Marquis Care residents, Albertina Kerr clients find common ground

Kerri Fiero had an idea about how to help the residents at Marquis Care in Oregon City, and the results have been so successful that she confesses to being overwhelmed that it is working out so well.

Looking at her residents, Fiero, the activity director at Marquis Care, realized that many of them had a real need to help others and to give back to the community where they were once a vital part.

So, last February she established a plan to connect residents with clients at Albertina Kerr, a nonprofit organization that provides a range of mental health services for children and also provides care and skills training for people with developmental disabilities. by: PHOTOS BY ELLEN SPITALERI - Pictured are Heidi, a client from Albertina Kerr, Kerri Fiero, activity director at Marquis Care, and Delphine, a client from Albertina Kerr.

“We have a community inclusion program for adults with developmental disabilities, and this partnership with Marquis Care gives our adults the opportunity to engage with the community and an opportunity to socialize, talk and share their stories,” said Amy Miner, marketing and communications manager for Albertina Kerr.

Now, two days a week, five to 10 Albertina Kerr clients come by bus to Marquis Care, and interact with about a dozen residents there, playing bingo, throwing horseshoes and engaging in other fun forms of recreation.

“This gives our residents something to look forward to and they are giving back to the community in a meaningful way. They get so excited — it is about friendship and sharing,” Fiero said.

And the Albertina Kerr clients get to come out, interact socially and build friendships as well, she added.

Forming a partnership

It all started because Fiero’s sister, Kathi Smith, is the program manager for the Clackamas County Albertina Kerr Community Inclusion Program in Oregon City. Fiero knew that all the funding had been cut for the Albertina Kerr program, and that left the clients there with no fun activities. She also knew that she had access to the Vital Life Foundation, a program formed by the Marquis and Consonus Foundation in 2008, that in part donates money to nonprofits through volunteer activities.

So Fiero’s idea was that the two organizations could form a partnership that would benefit everyone involved.

“Marquis has always given back to the community, so we formed the Vital Life Foundation as a vehicle for empowering our employees and residents who want to give back. We fund raise so we can give to schools or nonprofit organizations that are meaningful to our residents,” noted Mary Amick, foundation director.

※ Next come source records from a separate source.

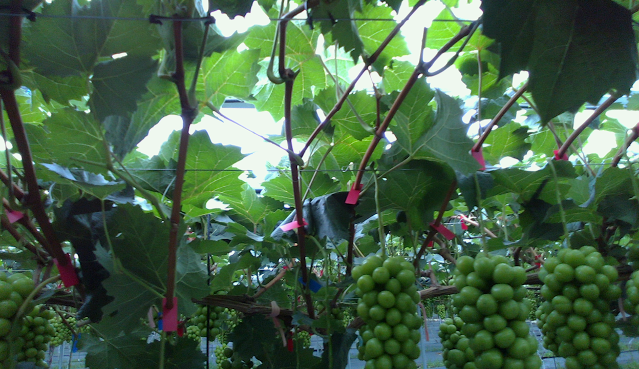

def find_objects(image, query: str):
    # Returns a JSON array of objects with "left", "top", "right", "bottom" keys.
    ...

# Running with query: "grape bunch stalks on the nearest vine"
[
  {"left": 546, "top": 157, "right": 571, "bottom": 247},
  {"left": 473, "top": 173, "right": 488, "bottom": 256},
  {"left": 373, "top": 171, "right": 386, "bottom": 259}
]
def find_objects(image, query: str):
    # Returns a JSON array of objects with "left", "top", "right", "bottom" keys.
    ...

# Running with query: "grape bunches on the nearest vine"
[
  {"left": 352, "top": 255, "right": 422, "bottom": 367},
  {"left": 538, "top": 244, "right": 622, "bottom": 368},
  {"left": 454, "top": 251, "right": 541, "bottom": 368}
]
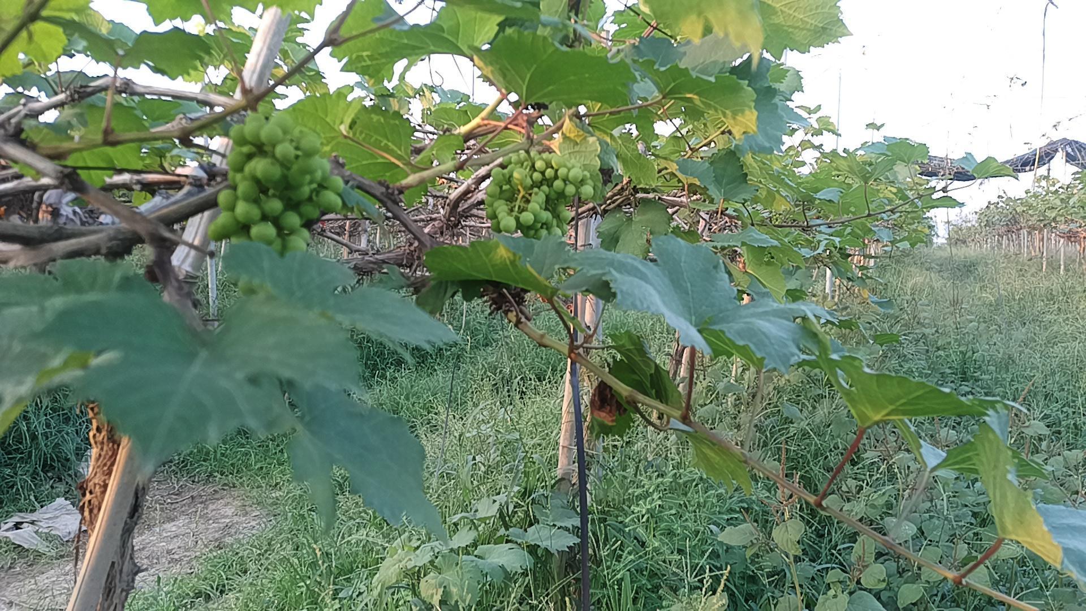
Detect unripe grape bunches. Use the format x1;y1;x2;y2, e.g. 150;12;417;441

She further explained that employees and residents earn $10 an hour for every hour they spend volunteering; when they get to 20 hours, the foundation writes a check for $200 to the nonprofit.

“When the organization verifies the hours, we send another check for $200, in the volunteer’s name. For every employee or resident volunteer, we match up to $1,000 per year, per person,” Amick added.

Miner noted that the Albertina Kerr organization will use the funds to provide services to children, adults and families in Oregon with developmental disabilities and/or mental health challenges.

Celebrating victories

The best thing about the partnership, noted Fiero’s sister, is that the Albertina Kerr clients enjoy building relationships, while learning life skills at the same time.

“They are learning that there are friends out there, and they learn so many skills, like etiquette, and even math skills through playing bingo. We base our program on goals, through individual support plans, and for some of our clients, their first goal is to go to Marquis Care,” Smith added.

“They celebrate one other’s victories and Kerri gives them tasks and leadership roles. They learn how to encourage one another; it is therapeutic recreation and it is fun,” Amick said. “The Albertina Kerr clients have goals to expand their lives, and they are learning to trust, to communicate and to take instruction. It is not just companionship, they are improving their quality of life.”

It is the individual success stories that warm Fiero’s heart. One young woman from Albertina Kerr wouldn’t speak when she first came to Marquis Care, she would only look down.

“Now she says ‘hi’ and is actually verbalizing words. She is also using words back at her group home; they are only little words here and there, but that’s big, for her,” Fiero said.

Another young woman first brought her dolls to Marquis Care and would only talk to them.

“Now she doesn’t bring the dolls; she doesn’t need them,” Fiero said. “She wants to come here and talk to her friends.”

She had to use a kind of reverse psychology on one client, Fiero said. “She was a high-functioning client, but she refused to do anything for herself. So I put her with someone she has to help and it’s going really well. She will actually help two or three of the residents with projects — that is giving her motivation.”

These small steps show her that the program is beneficial to both groups, Fiero said, adding, “We have happier people, and they have happier people.”